§ **AVAILABLE DATA**
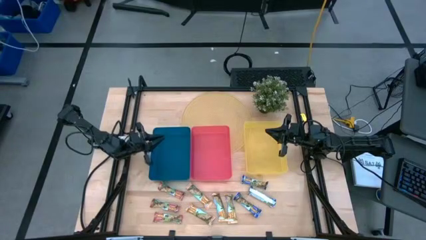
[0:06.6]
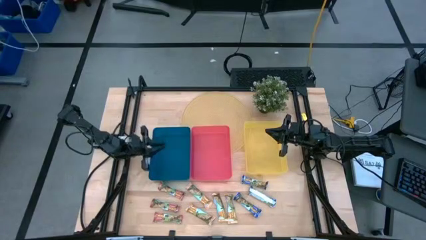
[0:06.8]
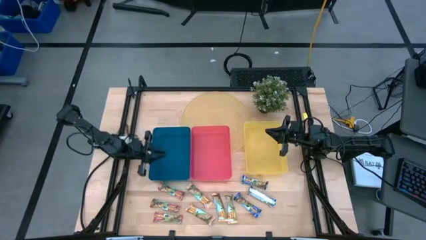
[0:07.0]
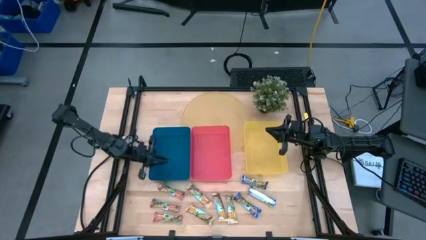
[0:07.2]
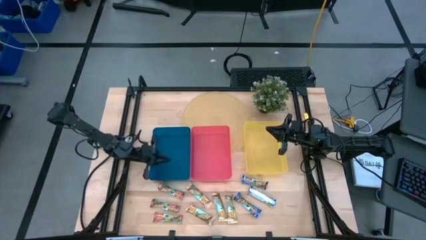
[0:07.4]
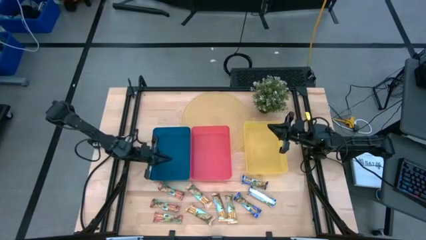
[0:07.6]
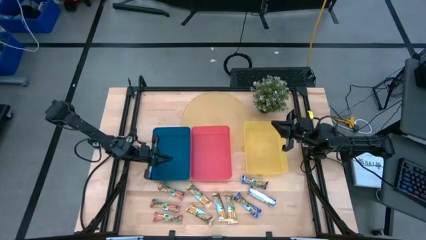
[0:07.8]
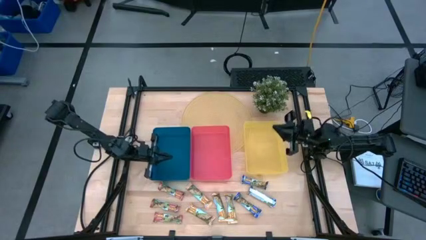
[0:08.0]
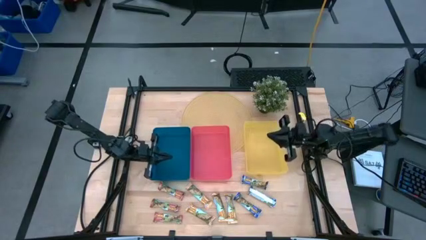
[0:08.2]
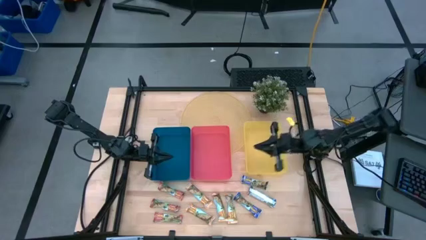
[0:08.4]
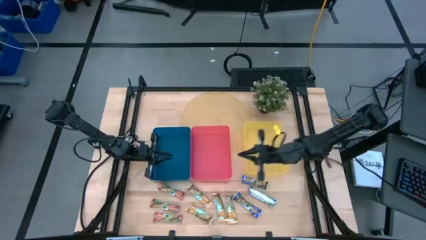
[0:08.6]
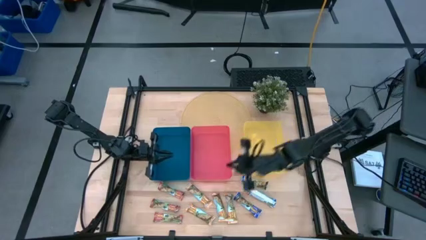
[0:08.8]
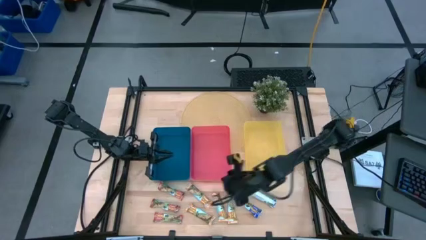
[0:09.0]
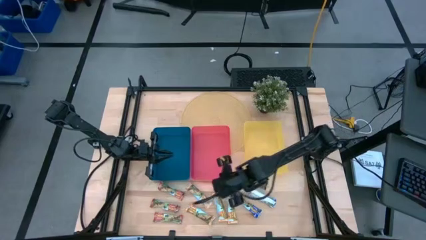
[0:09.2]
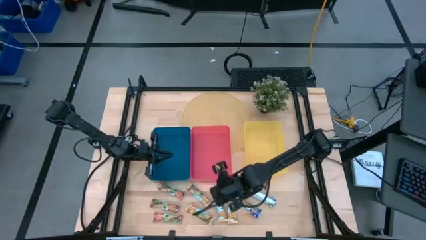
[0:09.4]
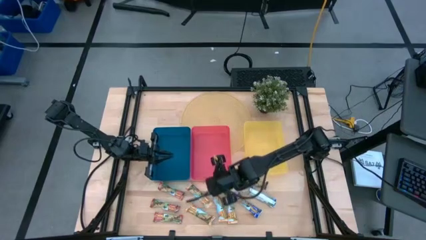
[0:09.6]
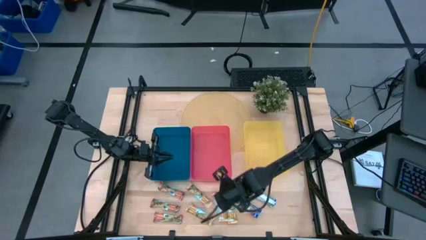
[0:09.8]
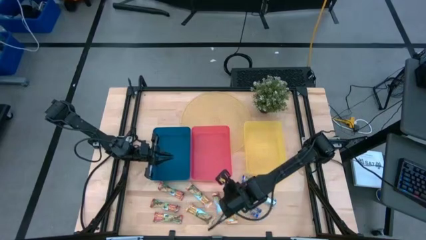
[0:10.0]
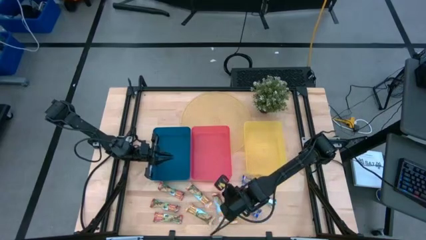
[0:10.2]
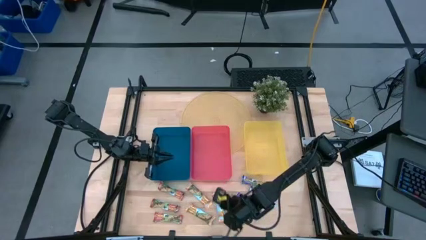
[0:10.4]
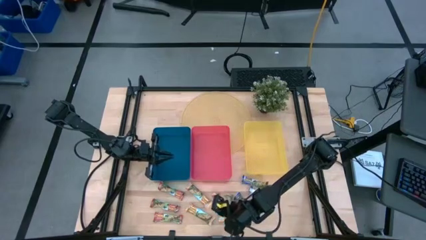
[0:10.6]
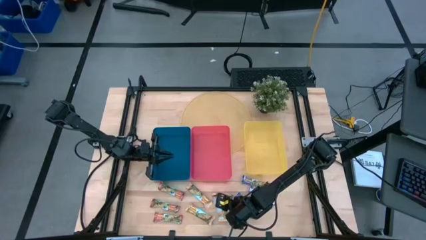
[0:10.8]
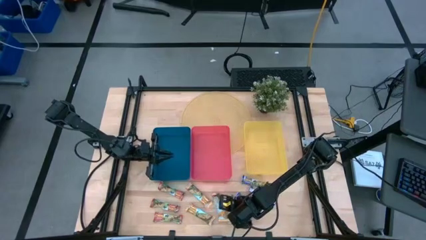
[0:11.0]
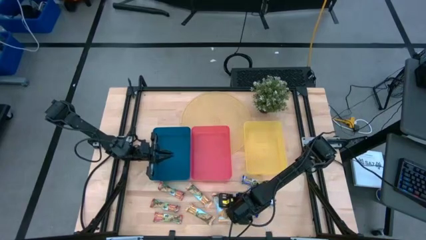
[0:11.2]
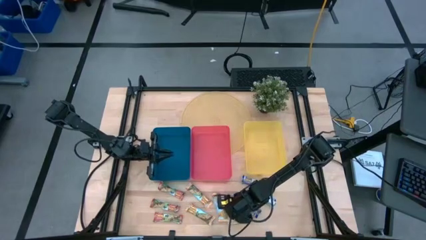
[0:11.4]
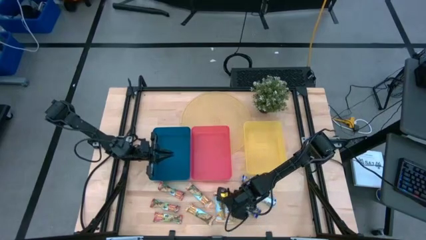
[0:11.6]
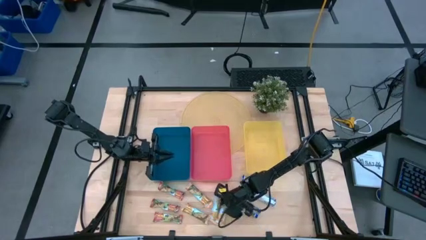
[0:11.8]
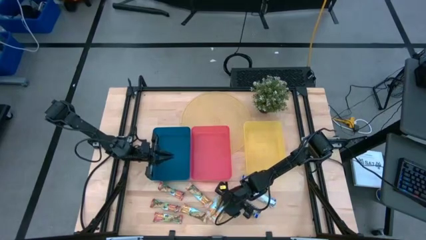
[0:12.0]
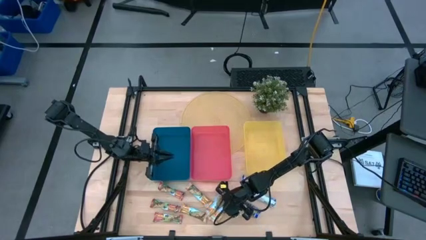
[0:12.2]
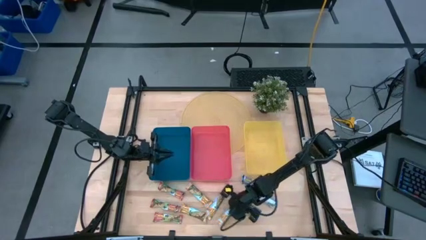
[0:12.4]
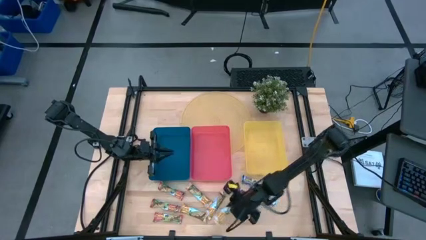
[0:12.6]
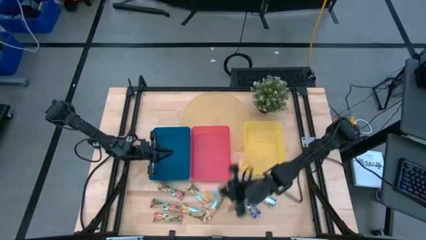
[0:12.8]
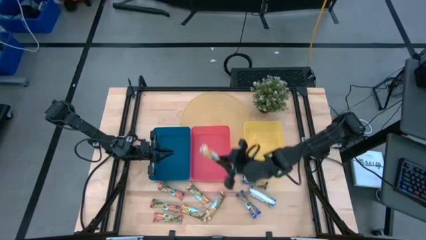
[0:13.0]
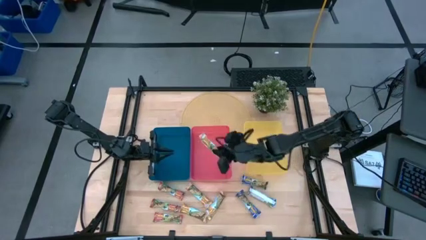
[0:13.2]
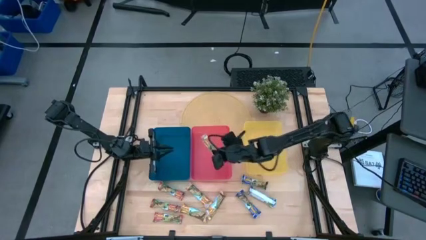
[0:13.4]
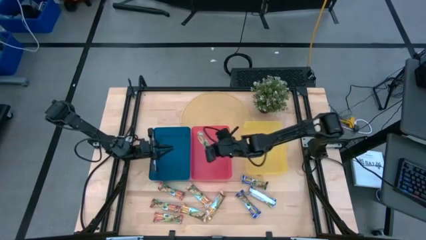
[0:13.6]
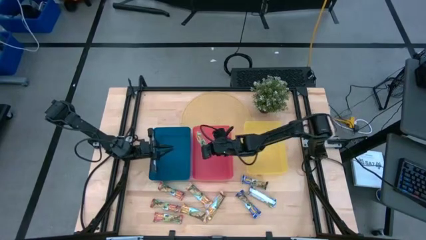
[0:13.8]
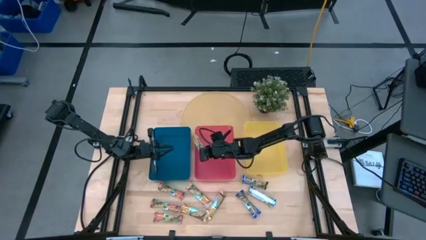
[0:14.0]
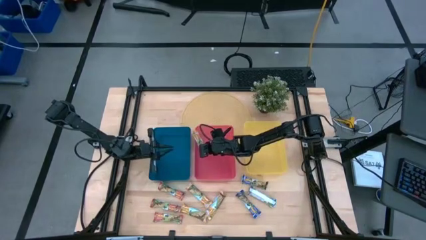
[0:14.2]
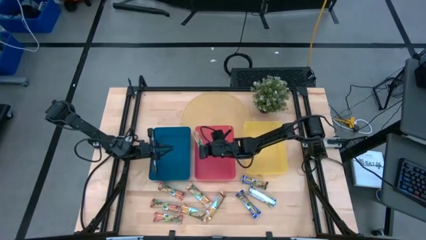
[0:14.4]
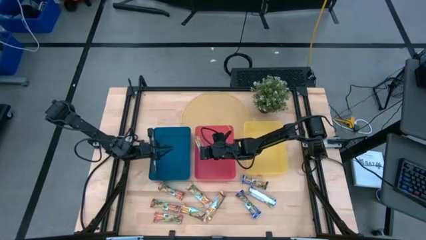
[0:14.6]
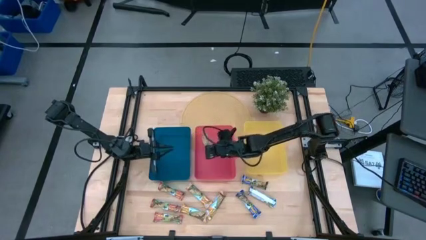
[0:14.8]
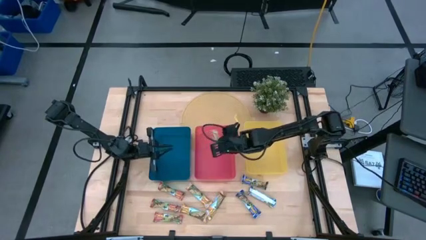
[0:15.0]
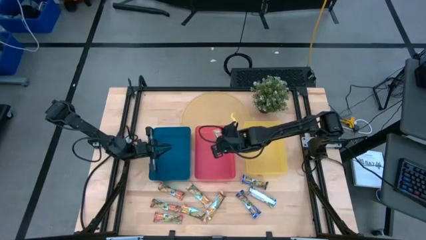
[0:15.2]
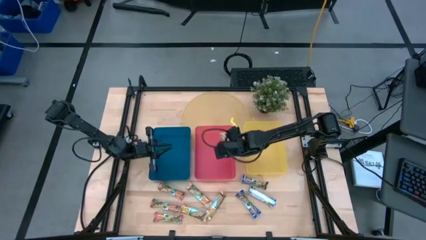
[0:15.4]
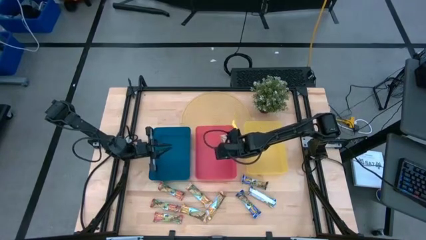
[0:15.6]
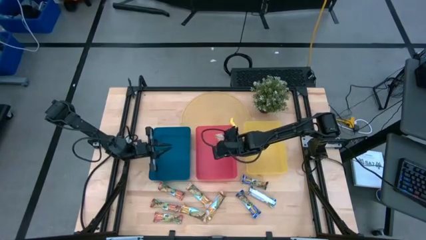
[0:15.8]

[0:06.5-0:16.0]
Task: Pick and place Granola Bars by type
Put the orange granola bar into the red bin

§ **WHAT IS REQUIRED**
Return the whole listing exactly, minus its pictures.

§ **ANSWER TO THIS EXERCISE**
[0:06.6]
[0:06.8]
[0:07.0]
[0:07.2]
[0:07.4]
[0:07.6]
[0:07.8]
[0:08.0]
[0:08.2]
[0:08.4]
[0:08.6]
[0:08.8]
[0:09.0]
[0:09.2]
[0:09.4]
[0:09.6]
[0:09.8]
[0:10.0]
[0:10.2]
[0:10.4]
[0:10.6]
[0:10.8]
[0:11.0]
[0:11.2]
[0:11.4]
[0:11.6]
[0:11.8]
[0:12.0]
[0:12.2]
[0:12.4]
[0:12.6]
[0:12.8]
[0:13.0]
[0:13.2]
[0:13.4]
[0:13.6]
[0:13.8]
[0:14.0]
[0:14.2]
[0:14.4]
[0:14.6]
[0:14.8]
[0:15.0]
[0:15.2]
[0:15.4]
[0:15.6]
[0:15.8]

[0:06.5-0:16.0]
Task: Pick and place Granola Bars by type
Put the orange granola bar into the red bin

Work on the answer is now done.